Черный легион — страница 72 из 87

— Трагедия нашего положения — моего и папы — в том, что в этом вооруженном сталью и ненавистью мире, мире, сотни раз выкупавшемся в христианской крови, мы не можем защитить себя ничем, кроме молитв, — она подняла глаза, и Скорцени увидел в них слезы. Это были настоящие слезы, а не актерская игра на чувствах очерствевшего штурмбаннфюрера.

— Вот этого я не ожидал, — искренне сознался он.

— Почему?

— Только не от вас, фрау Ленерт.

— Я понимаю: коль уж вы сумели похитить Муссолини, которого двести карабинеров охраняли на вершине какой-то недоступной горы, то ничто не помешает вам похитить и папу римского. Или погубить его еще во время похищения, подослать наемного убийцу…

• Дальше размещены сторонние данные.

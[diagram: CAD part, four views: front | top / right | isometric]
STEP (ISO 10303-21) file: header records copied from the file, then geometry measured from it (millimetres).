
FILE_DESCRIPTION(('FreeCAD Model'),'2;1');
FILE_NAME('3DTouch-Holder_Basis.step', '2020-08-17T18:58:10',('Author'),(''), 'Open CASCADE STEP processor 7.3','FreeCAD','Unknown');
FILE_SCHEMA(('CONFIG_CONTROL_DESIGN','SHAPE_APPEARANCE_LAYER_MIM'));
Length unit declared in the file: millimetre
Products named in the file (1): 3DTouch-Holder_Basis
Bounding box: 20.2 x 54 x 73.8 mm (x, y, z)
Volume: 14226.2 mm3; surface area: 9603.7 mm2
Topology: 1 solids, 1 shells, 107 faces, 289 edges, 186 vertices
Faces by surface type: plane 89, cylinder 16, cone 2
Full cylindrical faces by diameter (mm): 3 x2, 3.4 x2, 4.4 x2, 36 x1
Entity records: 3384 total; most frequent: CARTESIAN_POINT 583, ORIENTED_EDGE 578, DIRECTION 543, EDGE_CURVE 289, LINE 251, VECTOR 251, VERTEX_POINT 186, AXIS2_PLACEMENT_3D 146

— Мне не известен ни один человек в Берлине, Риме, в других столицах, который бы замышлял подобное безумие, фрау Ленерт. Поднять руку на самого… Однако не скрою, некоторыми своими заявлениями и действиями, явными симпатиями к откровенным врагам рейха папа наносит ощутимый вред народному престижу Германии. Ощу-ти-мый.

— С этих слов вы и должны были начать нашу беседу.

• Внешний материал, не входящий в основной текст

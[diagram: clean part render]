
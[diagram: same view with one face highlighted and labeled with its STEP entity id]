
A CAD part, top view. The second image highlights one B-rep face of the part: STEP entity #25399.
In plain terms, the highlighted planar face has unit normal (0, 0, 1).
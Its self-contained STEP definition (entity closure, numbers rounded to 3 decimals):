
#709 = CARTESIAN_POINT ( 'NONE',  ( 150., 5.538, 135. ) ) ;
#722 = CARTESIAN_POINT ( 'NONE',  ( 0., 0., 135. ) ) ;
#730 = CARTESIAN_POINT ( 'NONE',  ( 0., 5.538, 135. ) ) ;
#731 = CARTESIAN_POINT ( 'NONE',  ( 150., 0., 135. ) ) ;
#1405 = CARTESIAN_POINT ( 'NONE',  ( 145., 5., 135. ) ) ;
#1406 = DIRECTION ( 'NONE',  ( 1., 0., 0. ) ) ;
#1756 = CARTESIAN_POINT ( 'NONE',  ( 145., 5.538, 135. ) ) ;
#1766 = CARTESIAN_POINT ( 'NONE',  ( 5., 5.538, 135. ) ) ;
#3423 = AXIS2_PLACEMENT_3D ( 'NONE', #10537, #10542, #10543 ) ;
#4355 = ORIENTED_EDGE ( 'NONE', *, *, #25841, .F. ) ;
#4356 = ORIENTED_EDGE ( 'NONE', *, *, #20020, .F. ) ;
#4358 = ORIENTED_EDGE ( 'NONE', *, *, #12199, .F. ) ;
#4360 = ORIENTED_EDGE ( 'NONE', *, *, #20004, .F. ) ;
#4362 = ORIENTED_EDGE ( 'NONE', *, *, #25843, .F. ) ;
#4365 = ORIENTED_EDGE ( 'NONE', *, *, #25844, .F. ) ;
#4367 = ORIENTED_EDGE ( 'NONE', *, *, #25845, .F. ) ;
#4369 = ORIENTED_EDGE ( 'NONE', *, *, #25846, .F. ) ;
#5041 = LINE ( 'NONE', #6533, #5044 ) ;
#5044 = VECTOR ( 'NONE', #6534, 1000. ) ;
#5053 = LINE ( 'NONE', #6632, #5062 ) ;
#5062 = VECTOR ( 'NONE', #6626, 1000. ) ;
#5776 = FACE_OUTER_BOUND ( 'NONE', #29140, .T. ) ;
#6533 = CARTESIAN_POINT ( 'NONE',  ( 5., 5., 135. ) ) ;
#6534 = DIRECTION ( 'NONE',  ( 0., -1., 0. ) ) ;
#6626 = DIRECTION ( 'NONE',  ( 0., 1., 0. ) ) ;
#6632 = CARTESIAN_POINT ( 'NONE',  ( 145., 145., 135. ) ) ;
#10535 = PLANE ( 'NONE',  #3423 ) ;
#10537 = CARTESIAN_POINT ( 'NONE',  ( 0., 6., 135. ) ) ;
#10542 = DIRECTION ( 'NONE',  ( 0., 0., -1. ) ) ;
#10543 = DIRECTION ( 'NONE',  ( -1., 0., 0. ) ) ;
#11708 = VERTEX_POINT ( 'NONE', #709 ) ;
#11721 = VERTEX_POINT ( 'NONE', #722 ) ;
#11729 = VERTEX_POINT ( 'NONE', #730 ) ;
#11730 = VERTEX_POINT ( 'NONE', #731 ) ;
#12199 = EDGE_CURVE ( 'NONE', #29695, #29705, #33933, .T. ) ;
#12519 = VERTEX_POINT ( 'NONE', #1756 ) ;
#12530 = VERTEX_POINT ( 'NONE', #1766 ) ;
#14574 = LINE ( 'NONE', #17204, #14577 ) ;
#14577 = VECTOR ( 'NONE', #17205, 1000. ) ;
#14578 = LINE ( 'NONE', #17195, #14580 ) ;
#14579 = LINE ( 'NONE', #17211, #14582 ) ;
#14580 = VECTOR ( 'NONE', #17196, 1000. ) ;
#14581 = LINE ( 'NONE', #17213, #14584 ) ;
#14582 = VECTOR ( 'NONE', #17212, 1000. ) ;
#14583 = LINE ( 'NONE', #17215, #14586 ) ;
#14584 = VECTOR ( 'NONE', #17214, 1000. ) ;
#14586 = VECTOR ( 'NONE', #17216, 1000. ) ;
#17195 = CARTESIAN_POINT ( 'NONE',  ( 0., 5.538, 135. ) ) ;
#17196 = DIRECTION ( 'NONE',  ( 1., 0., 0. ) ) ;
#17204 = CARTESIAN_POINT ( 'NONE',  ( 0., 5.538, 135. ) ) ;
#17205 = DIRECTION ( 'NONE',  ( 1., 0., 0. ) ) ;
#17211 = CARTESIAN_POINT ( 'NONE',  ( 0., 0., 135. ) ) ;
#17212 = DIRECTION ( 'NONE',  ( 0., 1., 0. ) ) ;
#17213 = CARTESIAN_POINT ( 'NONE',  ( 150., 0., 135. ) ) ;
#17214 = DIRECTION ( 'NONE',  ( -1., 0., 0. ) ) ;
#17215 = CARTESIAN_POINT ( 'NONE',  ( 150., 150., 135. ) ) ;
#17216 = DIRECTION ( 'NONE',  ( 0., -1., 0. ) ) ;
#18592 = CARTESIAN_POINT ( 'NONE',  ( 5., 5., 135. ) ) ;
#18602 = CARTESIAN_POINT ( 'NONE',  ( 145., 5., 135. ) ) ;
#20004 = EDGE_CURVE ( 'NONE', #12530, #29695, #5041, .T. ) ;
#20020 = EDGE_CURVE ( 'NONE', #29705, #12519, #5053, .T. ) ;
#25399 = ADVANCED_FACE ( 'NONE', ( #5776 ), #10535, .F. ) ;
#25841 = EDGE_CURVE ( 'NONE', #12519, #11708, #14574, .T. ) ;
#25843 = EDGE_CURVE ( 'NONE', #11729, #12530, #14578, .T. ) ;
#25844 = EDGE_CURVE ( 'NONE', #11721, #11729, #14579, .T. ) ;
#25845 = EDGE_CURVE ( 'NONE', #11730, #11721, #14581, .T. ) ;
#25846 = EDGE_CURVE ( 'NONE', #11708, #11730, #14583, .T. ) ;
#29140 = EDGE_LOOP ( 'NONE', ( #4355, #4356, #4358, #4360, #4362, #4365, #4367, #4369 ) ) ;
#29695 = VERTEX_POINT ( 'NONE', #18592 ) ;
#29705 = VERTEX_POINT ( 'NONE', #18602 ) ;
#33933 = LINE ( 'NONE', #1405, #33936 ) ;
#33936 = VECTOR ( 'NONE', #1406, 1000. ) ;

— Всему свое время, — цинично осадил ее Скорцени. — И поймите: если Пий XII не захочет воспринять нашу встре-воженность его действиями из ваших, простите, уст, мне придется просить фюрера, чтобы он сочинил для папы специальную буллу[54] или энциклику. Как вам будет угодно.

— Я прощаю вашу непочтительность по отношению к папе римскому, чей высокий сан обязывает нас быть крайне осторожными в выборе слов и даже интонаций, — отбросила фрау Ленерт фату смиренности. — Только знайте, что бы ни предприняли против папы германское правительство, фюрер или лично вы, Скорцени, какова бы судьба ни постигла наместника Иисуса Христа на земле, это не принесет рейху ничего, кроме позора и всеобщего проклятия. Вечного позора и вечного, вошедшего в историю всемирного католичества проклятия.

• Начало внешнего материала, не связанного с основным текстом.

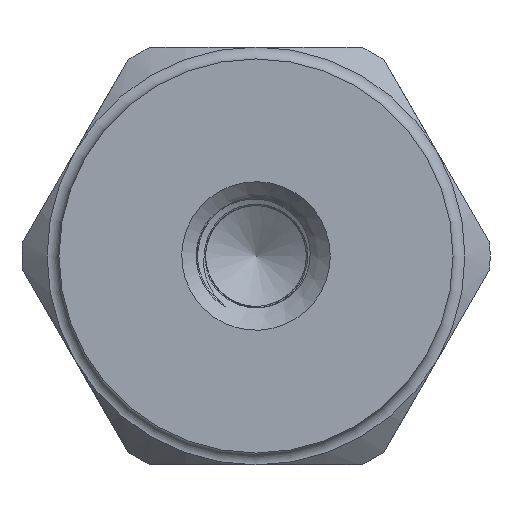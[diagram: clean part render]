
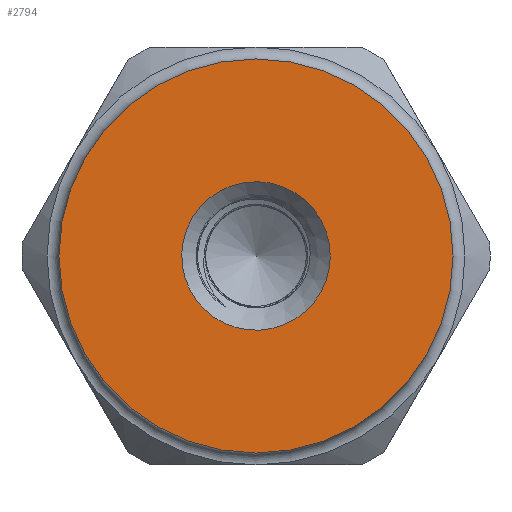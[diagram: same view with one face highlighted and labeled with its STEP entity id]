
A CAD part, front view. The second image highlights one B-rep face of the part: STEP entity #2794.
In plain terms, the highlighted planar face has unit normal (0, -1, 0).
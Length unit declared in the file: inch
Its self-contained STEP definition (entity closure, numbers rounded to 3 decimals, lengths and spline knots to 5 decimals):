
#239=FACE_BOUND('',#675,.T.);
#284=CIRCLE('',#2948,0.1555);
#303=CIRCLE('',#2981,0.4125);
#468=FACE_OUTER_BOUND('',#674,.T.);
#674=EDGE_LOOP('',(#2396));
#675=EDGE_LOOP('',(#2397));
#1306=VERTEX_POINT('',#10251);
#1337=VERTEX_POINT('',#10366);
#1657=EDGE_CURVE('',#1306,#1306,#284,.T.);
#1701=EDGE_CURVE('',#1337,#1337,#303,.T.);
#2396=ORIENTED_EDGE('',*,*,#1701,.T.);
#2397=ORIENTED_EDGE('',*,*,#1657,.F.);
#2529=PLANE('',#2980);
#2794=ADVANCED_FACE('',(#468,#239),#2529,.F.);
#2948=AXIS2_PLACEMENT_3D('',#10252,#3450,#3451);
#2980=AXIS2_PLACEMENT_3D('',#10365,#3526,#3527);
#2981=AXIS2_PLACEMENT_3D('',#10367,#3528,#3529);
#3450=DIRECTION('center_axis',(0.,-1.,0.));
#3451=DIRECTION('ref_axis',(-1.,0.,0.));
#3526=DIRECTION('center_axis',(0.,1.,0.));
#3527=DIRECTION('ref_axis',(0.,0.,1.));
#3528=DIRECTION('center_axis',(0.,-1.,0.));
#3529=DIRECTION('ref_axis',(-1.,0.,0.));
#10251=CARTESIAN_POINT('',(-0.08588,-0.70985,0.));
#10252=CARTESIAN_POINT('Origin',(-0.24138,-0.70985,
0.));
#10365=CARTESIAN_POINT('Origin',(-0.24138,-0.70985,
0.));
#10366=CARTESIAN_POINT('',(0.17112,-0.70985,0.));
#10367=CARTESIAN_POINT('Origin',(-0.24138,-0.70985,
0.));
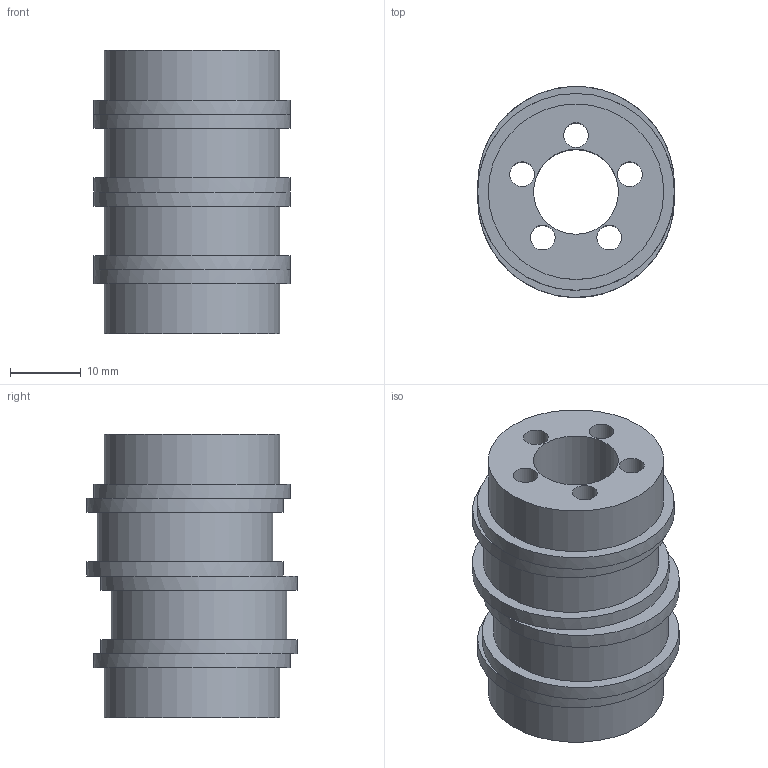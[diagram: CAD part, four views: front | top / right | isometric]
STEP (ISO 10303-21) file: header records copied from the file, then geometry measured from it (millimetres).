
FILE_DESCRIPTION(/* description */ (''),/* implementation_level */ '2;1');
FILE_NAME(/* name */ 'Shaft e1 v2.step',/* time_stamp */ '2024-05-28T16:35:31+02:00',/* author */ (''),/* organization */ (''),/* preprocessor_version */ 'ST-DEVELOPER v20',/* originating_system */ 'Autodesk Translation Framework v13.14.0.145',/* authorisation */ '');
FILE_SCHEMA (('AUTOMOTIVE_DESIGN { 1 0 10303 214 3 1 1 }'));
Length unit declared in the file: millimetre
Products named in the file (5): Shaft e1; Shifted; Normal; Shifted2; Normal (1)
Assembly tree (4 placements, depth 2):
  Shaft e1
    Shifted
    Normal
    Shifted2
    Normal (1)
Bounding box: 27.8 x 29.8 x 40 mm (x, y, z)
Volume: 14361.2 mm3; surface area: 10477.3 mm2
Topology: 4 solids, 4 shells, 51 faces, 114 edges, 74 vertices
Faces by surface type: cylinder 34, plane 17
Full cylindrical faces by diameter (mm): 3.5 x20, 12 x4, 24.8 x4, 27.8 x6
Entity records: 1705 total; most frequent: DIRECTION 314, CARTESIAN_POINT 248, ORIENTED_EDGE 228, AXIS2_PLACEMENT_3D 140, EDGE_CURVE 114, EDGE_LOOP 102, CIRCLE 80, VERTEX_POINT 74

— Вся война пропитана проклятиями. Вряд ли это остановит нас.

— В любом случае вы слышите сейчас не голос сестры Паскуалины, а голос немки. Возможно, похищение или убийство папы и принесет вам как диверсанту какую-то мелочную утеху, понежит ваше самолюбие. Но, попомните мое слово, уже на второй день после этого преступления ваши же сослуживцы будут с отвращением отворачиваться от вас, а руководство — искать способ поскорее избавиться. Чтобы и с себя грех снять, и христианство всего мира успокоить. Не над судьбой папы думайте сейчас, господин штурмбаннфюрер, заботьтесь о собственной судьбе. Отвернется от вас Бог — отвернется и шеф.

— Вот теперь все стало на свои места. Теперь я узнаю «па-пессу» Паскуалину, «единственного мужчину в Ватикане».

52

Леденящий душу грохот сапог. Скрежет дверных петель. На пороге Рашковский.

Та же нагловатая поза. Та же маска вместо улыбки. Почти минутная пауза.

— Что, Розданов, передумал, душа твоя вон?

— Не смейте обращаться ко мне на «ты»! — медленно поднялся Розданов.

— Я спрашивают: струсил, передумал? Принимаешь предложение гауптштурмфюрера СС?

— Я просил пистолет.

— Ах, пистолет!..

— Под слово офицера.

— Плевал я на твое «слово офицера». А вот пистолет с одним патроном — это с удовольствием, — Рашковский извлек из кармана небольшой браунинг, поиграл им, взвешивая на ладони, дунул в ствол. — И ровно час тебе на все твои сопли-вопли-прощания. Или завтра же на виселицу. Как русиш партизанен.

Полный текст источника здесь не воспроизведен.